Generalizing this would make things look better, yes, but that
would then still not deal with the bad error reporting which
results.

>> Why can't you call it from the domctl you're going to add in a later
>> patch, requiring the tool stack to issue that domctl in all cases, just
>> like e.g. a max_vcpus one is always necessary? That would also
>> avoid a possibly confusing error (from the unpause, i.e. not
>> obviously related to grant table setup failure).

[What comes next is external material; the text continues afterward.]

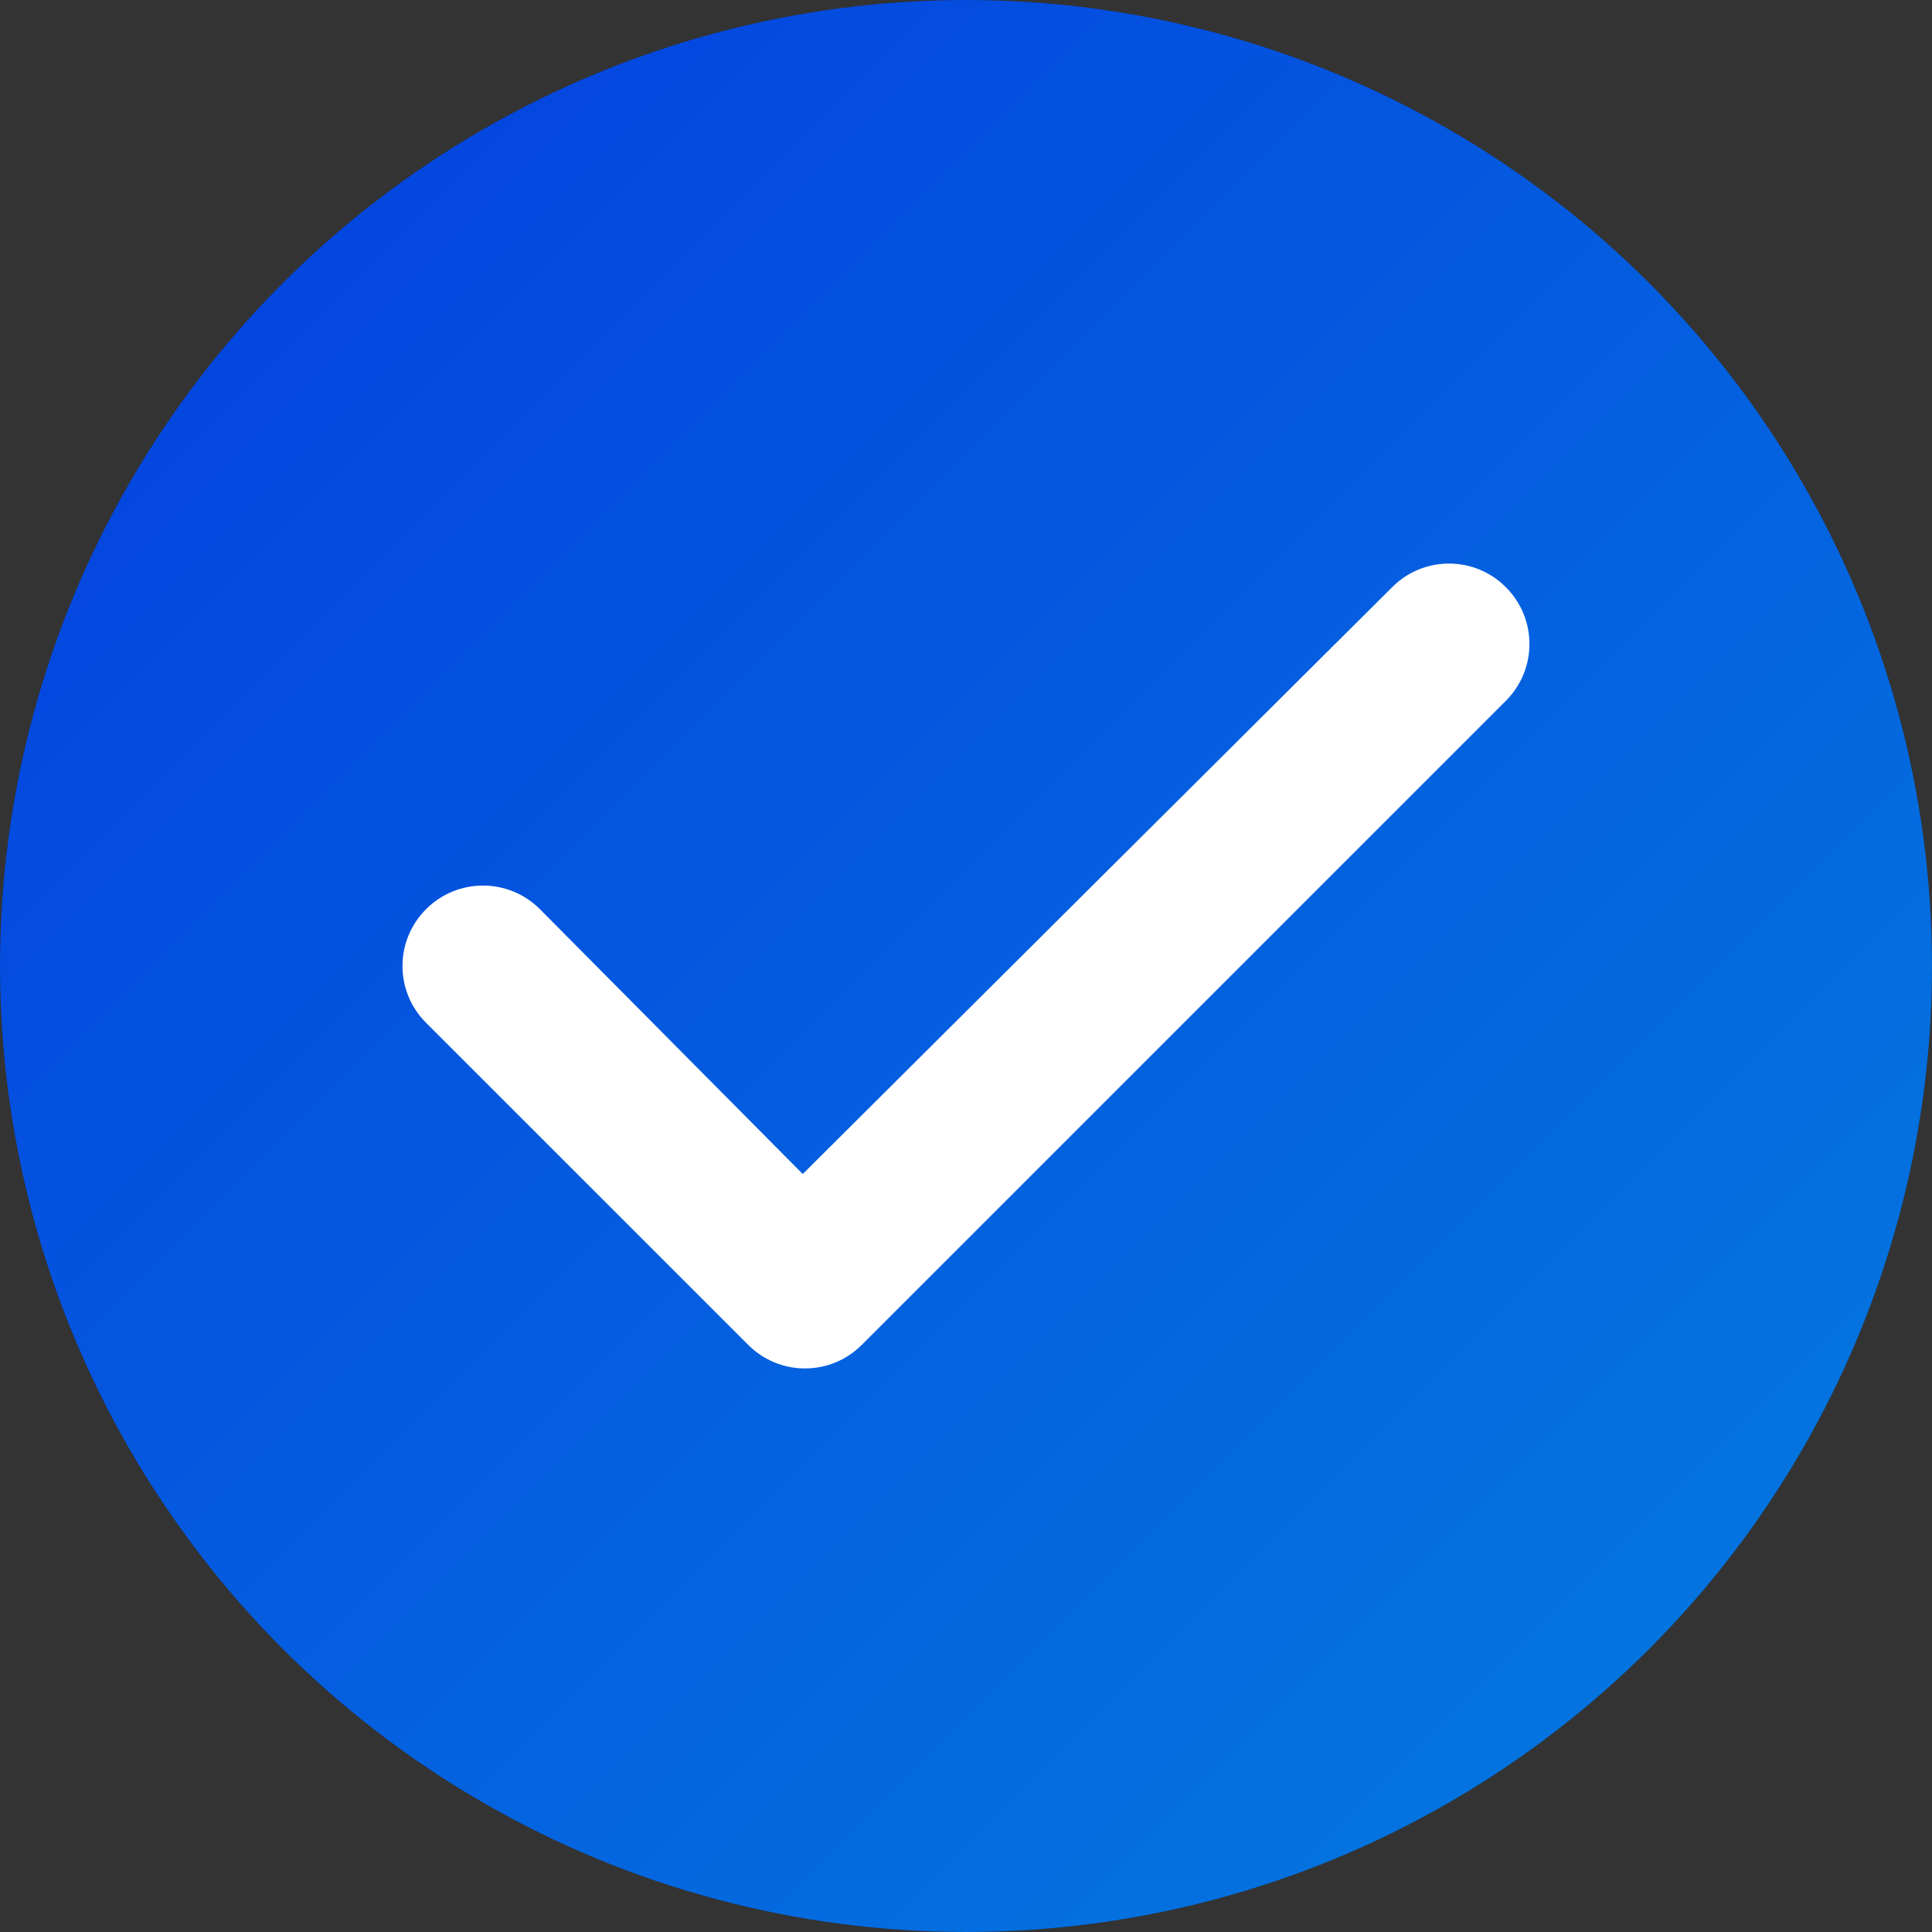 <?xml version="1.0" encoding="UTF-8"?> <svg xmlns="http://www.w3.org/2000/svg" width="24" height="24" viewBox="0 0 24 24" fill="none"><rect x="0" y="0" width="24" height="24" fill="#333333" stroke="none"/> <circle cx="12" cy="12" r="12" fill="#26252C"></circle> <circle cx="12" cy="12" r="12" fill="url(#paint0_linear_1440_18285)"></circle> <path d="M18.706 7.294C19.097 7.684 19.097 8.316 18.706 8.706L10.706 16.706C10.316 17.097 9.684 17.097 9.294 16.706L5.293 12.706C4.902 12.316 4.902 11.684 5.293 11.294C5.683 10.903 6.317 10.903 6.707 11.294L9.972 14.584L17.294 7.294C17.684 6.903 18.316 6.903 18.706 7.294Z" fill="white"></path> <defs> <linearGradient id="paint0_linear_1440_18285" x1="0" y1="0" x2="24" y2="24" gradientUnits="userSpaceOnUse"> <stop stop-color="#043DDF"></stop> <stop offset="1" stop-color="#047DDF"></stop> </linearGradient> </defs> </svg>

Of course that will
>> require merging this patch with the other one to avoid an
>> intermediate state in which the call wouldn't be made at all.
> 
> This would be another possibility, yes.
> 
> Instead of merging the patches I'd just move patches 6-8 before this one
> to have everything in place, including the needed tools side.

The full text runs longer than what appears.